# Exercise objective
Output every entry exactly, without any pictures.

# Excerpted records
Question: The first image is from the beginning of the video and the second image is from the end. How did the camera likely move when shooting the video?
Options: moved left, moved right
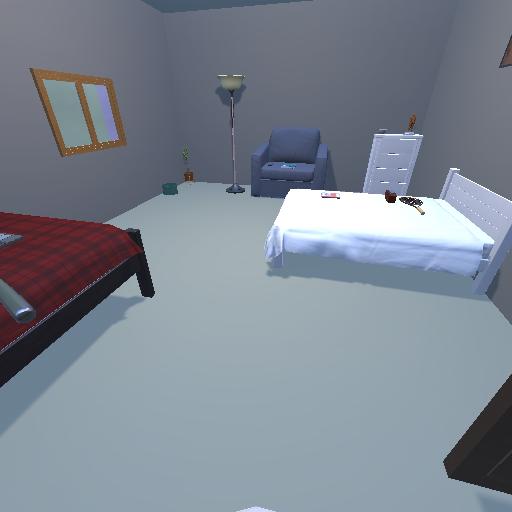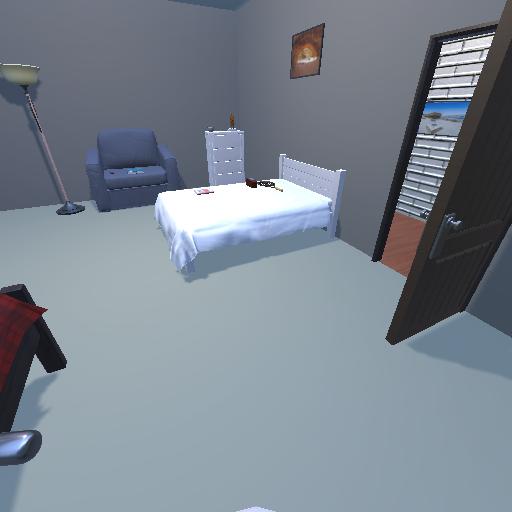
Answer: moved left
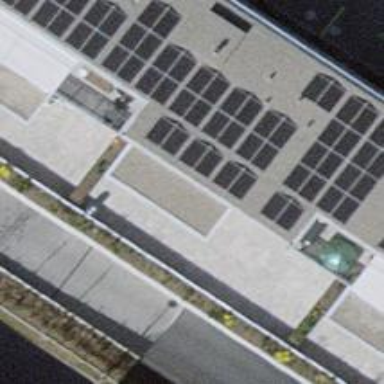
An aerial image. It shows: Solar power generator utilizing photovoltaic technology with solar photovoltaic panels.
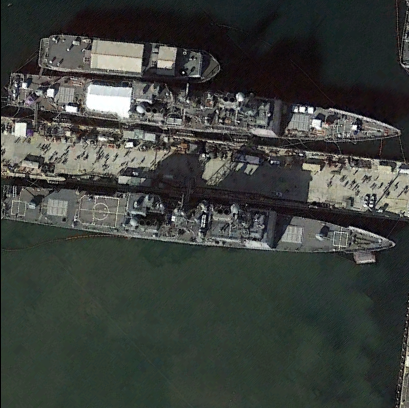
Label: cruiser
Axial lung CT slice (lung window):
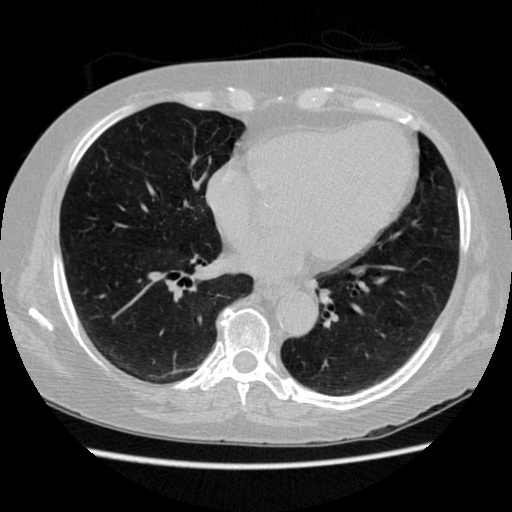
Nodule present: no
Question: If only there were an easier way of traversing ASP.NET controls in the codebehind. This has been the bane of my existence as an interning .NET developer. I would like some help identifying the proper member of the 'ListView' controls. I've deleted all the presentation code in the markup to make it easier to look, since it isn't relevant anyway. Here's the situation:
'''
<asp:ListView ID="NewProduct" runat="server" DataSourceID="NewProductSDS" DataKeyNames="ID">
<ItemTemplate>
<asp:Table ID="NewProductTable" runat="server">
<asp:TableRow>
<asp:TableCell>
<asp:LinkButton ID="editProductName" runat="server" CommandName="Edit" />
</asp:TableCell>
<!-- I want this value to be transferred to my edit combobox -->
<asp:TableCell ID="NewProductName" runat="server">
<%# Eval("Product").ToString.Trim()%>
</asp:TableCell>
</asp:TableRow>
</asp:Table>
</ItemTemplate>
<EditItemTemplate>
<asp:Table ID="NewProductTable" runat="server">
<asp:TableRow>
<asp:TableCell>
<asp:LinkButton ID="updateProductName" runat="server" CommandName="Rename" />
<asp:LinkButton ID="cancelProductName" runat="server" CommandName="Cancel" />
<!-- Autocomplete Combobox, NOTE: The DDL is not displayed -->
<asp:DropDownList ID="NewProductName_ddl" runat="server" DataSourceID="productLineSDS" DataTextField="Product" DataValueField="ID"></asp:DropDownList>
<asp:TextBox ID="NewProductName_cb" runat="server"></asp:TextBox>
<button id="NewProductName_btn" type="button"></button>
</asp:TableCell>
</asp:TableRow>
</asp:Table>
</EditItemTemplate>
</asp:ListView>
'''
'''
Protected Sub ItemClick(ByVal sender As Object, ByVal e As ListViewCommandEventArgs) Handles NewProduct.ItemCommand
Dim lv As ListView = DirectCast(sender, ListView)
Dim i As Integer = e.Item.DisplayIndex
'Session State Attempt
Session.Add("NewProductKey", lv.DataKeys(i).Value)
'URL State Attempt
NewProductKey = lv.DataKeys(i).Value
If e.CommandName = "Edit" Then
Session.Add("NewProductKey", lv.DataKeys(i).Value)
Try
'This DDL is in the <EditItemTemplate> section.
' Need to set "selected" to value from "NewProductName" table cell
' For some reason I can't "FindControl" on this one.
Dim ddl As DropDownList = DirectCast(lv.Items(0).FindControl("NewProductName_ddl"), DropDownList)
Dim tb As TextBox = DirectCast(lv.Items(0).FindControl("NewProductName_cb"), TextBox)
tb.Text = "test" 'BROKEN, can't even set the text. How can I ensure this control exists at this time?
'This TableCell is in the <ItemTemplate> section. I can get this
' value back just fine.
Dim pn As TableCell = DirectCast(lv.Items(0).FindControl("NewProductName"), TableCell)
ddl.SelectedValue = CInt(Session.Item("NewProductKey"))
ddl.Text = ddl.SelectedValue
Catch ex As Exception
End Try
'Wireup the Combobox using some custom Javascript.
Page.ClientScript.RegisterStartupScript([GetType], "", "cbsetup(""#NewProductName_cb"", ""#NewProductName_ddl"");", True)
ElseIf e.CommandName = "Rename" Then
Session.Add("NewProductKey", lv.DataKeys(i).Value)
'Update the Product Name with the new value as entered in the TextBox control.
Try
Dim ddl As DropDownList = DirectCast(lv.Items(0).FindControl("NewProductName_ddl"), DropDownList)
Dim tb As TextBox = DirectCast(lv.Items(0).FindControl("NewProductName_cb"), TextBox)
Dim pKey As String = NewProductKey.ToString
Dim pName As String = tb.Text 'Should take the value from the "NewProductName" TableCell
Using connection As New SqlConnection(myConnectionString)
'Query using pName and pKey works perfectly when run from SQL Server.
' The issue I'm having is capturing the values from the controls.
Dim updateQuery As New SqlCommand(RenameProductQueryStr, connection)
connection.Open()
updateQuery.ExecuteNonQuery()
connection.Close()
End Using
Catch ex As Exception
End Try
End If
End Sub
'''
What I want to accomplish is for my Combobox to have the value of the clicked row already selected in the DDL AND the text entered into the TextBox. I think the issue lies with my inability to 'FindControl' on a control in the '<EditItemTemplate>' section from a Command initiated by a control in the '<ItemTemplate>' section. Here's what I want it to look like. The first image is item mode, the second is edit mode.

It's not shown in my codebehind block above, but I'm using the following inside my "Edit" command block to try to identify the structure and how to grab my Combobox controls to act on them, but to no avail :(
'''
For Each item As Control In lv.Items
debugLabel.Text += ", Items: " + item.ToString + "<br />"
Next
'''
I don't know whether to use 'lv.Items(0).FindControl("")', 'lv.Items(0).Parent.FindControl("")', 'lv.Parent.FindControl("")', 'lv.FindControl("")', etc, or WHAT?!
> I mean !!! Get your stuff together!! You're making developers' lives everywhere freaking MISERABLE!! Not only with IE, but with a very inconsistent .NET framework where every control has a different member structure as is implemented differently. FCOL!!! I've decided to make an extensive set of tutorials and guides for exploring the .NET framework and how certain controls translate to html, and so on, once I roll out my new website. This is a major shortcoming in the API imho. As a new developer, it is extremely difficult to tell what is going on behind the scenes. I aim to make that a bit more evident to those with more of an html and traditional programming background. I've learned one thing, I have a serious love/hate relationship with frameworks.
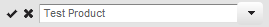
Answer: I re-framed my asking of this question months later in hopes of simplifying it and increasingly the likelihood of receiving adequate assistance. I have posted the answer to both of these questions, thanks to some guidance from the referenced question.
<URL>
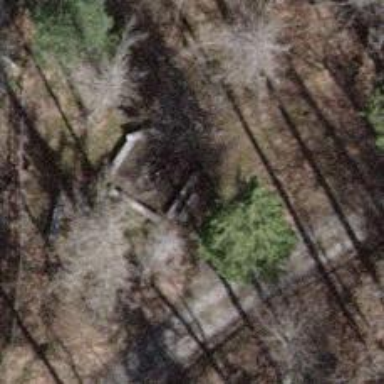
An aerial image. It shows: Brown bench.
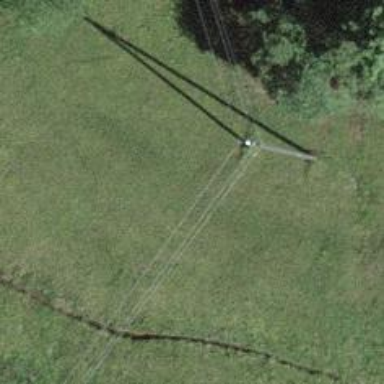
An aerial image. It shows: Utility pole as the man-made structure.
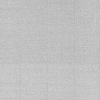
Atmospheric dust classification: dusty
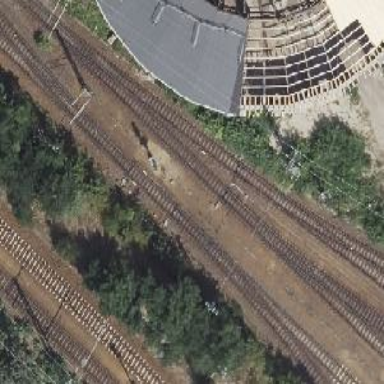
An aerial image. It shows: Railway switch.

# Completed task
Question: The first image is from the beginning of the video and the second image is from the end. How did the camera likely move when shooting the video?
Options: moved left, moved right
Answer: moved left
An aerial image. It shows: Solar power generator utilizing photovoltaic technology with solar photovoltaic panels.
Label: cruiser
Axial lung CT slice (lung window):
Nodule present: no
Question: If only there were an easier way of traversing ASP.NET controls in the codebehind. This has been the bane of my existence as an interning .NET developer. I would like some help identifying the proper member of the 'ListView' controls. I've deleted all the presentation code in the markup to make it easier to look, since it isn't relevant anyway. Here's the situation:
'''
<asp:ListView ID="NewProduct" runat="server" DataSourceID="NewProductSDS" DataKeyNames="ID">
<ItemTemplate>
<asp:Table ID="NewProductTable" runat="server">
<asp:TableRow>
<asp:TableCell>
<asp:LinkButton ID="editProductName" runat="server" CommandName="Edit" />
</asp:TableCell>
<!-- I want this value to be transferred to my edit combobox -->
<asp:TableCell ID="NewProductName" runat="server">
<%# Eval("Product").ToString.Trim()%>
</asp:TableCell>
</asp:TableRow>
</asp:Table>
</ItemTemplate>
<EditItemTemplate>
<asp:Table ID="NewProductTable" runat="server">
<asp:TableRow>
<asp:TableCell>
<asp:LinkButton ID="updateProductName" runat="server" CommandName="Rename" />
<asp:LinkButton ID="cancelProductName" runat="server" CommandName="Cancel" />
<!-- Autocomplete Combobox, NOTE: The DDL is not displayed -->
<asp:DropDownList ID="NewProductName_ddl" runat="server" DataSourceID="productLineSDS" DataTextField="Product" DataValueField="ID"></asp:DropDownList>
<asp:TextBox ID="NewProductName_cb" runat="server"></asp:TextBox>
<button id="NewProductName_btn" type="button"></button>
</asp:TableCell>
</asp:TableRow>
</asp:Table>
</EditItemTemplate>
</asp:ListView>
'''
'''
Protected Sub ItemClick(ByVal sender As Object, ByVal e As ListViewCommandEventArgs) Handles NewProduct.ItemCommand
Dim lv As ListView = DirectCast(sender, ListView)
Dim i As Integer = e.Item.DisplayIndex
'Session State Attempt
Session.Add("NewProductKey", lv.DataKeys(i).Value)
'URL State Attempt
NewProductKey = lv.DataKeys(i).Value
If e.CommandName = "Edit" Then
Session.Add("NewProductKey", lv.DataKeys(i).Value)
Try
'This DDL is in the <EditItemTemplate> section.
' Need to set "selected" to value from "NewProductName" table cell
' For some reason I can't "FindControl" on this one.
Dim ddl As DropDownList = DirectCast(lv.Items(0).FindControl("NewProductName_ddl"), DropDownList)
Dim tb As TextBox = DirectCast(lv.Items(0).FindControl("NewProductName_cb"), TextBox)
tb.Text = "test" 'BROKEN, can't even set the text. How can I ensure this control exists at this time?
'This TableCell is in the <ItemTemplate> section. I can get this
' value back just fine.
Dim pn As TableCell = DirectCast(lv.Items(0).FindControl("NewProductName"), TableCell)
ddl.SelectedValue = CInt(Session.Item("NewProductKey"))
ddl.Text = ddl.SelectedValue
Catch ex As Exception
End Try
'Wireup the Combobox using some custom Javascript.
Page.ClientScript.RegisterStartupScript([GetType], "", "cbsetup(""#NewProductName_cb"", ""#NewProductName_ddl"");", True)
ElseIf e.CommandName = "Rename" Then
Session.Add("NewProductKey", lv.DataKeys(i).Value)
'Update the Product Name with the new value as entered in the TextBox control.
Try
Dim ddl As DropDownList = DirectCast(lv.Items(0).FindControl("NewProductName_ddl"), DropDownList)
Dim tb As TextBox = DirectCast(lv.Items(0).FindControl("NewProductName_cb"), TextBox)
Dim pKey As String = NewProductKey.ToString
Dim pName As String = tb.Text 'Should take the value from the "NewProductName" TableCell
Using connection As New SqlConnection(myConnectionString)
'Query using pName and pKey works perfectly when run from SQL Server.
' The issue I'm having is capturing the values from the controls.
Dim updateQuery As New SqlCommand(RenameProductQueryStr, connection)
connection.Open()
updateQuery.ExecuteNonQuery()
connection.Close()
End Using
Catch ex As Exception
End Try
End If
End Sub
'''
What I want to accomplish is for my Combobox to have the value of the clicked row already selected in the DDL AND the text entered into the TextBox. I think the issue lies with my inability to 'FindControl' on a control in the '<EditItemTemplate>' section from a Command initiated by a control in the '<ItemTemplate>' section. Here's what I want it to look like. The first image is item mode, the second is edit mode.

It's not shown in my codebehind block above, but I'm using the following inside my "Edit" command block to try to identify the structure and how to grab my Combobox controls to act on them, but to no avail :(
'''
For Each item As Control In lv.Items
debugLabel.Text += ", Items: " + item.ToString + "<br />"
Next
'''
I don't know whether to use 'lv.Items(0).FindControl("")', 'lv.Items(0).Parent.FindControl("")', 'lv.Parent.FindControl("")', 'lv.FindControl("")', etc, or WHAT?!
> I mean !!! Get your stuff together!! You're making developers' lives everywhere freaking MISERABLE!! Not only with IE, but with a very inconsistent .NET framework where every control has a different member structure as is implemented differently. FCOL!!! I've decided to make an extensive set of tutorials and guides for exploring the .NET framework and how certain controls translate to html, and so on, once I roll out my new website. This is a major shortcoming in the API imho. As a new developer, it is extremely difficult to tell what is going on behind the scenes. I aim to make that a bit more evident to those with more of an html and traditional programming background. I've learned one thing, I have a serious love/hate relationship with frameworks.
Answer: I re-framed my asking of this question months later in hopes of simplifying it and increasingly the likelihood of receiving adequate assistance. I have posted the answer to both of these questions, thanks to some guidance from the referenced question.
<URL>
An aerial image. It shows: Brown bench.
An aerial image. It shows: Utility pole as the man-made structure.
Atmospheric dust classification: dusty
An aerial image. It shows: Railway switch.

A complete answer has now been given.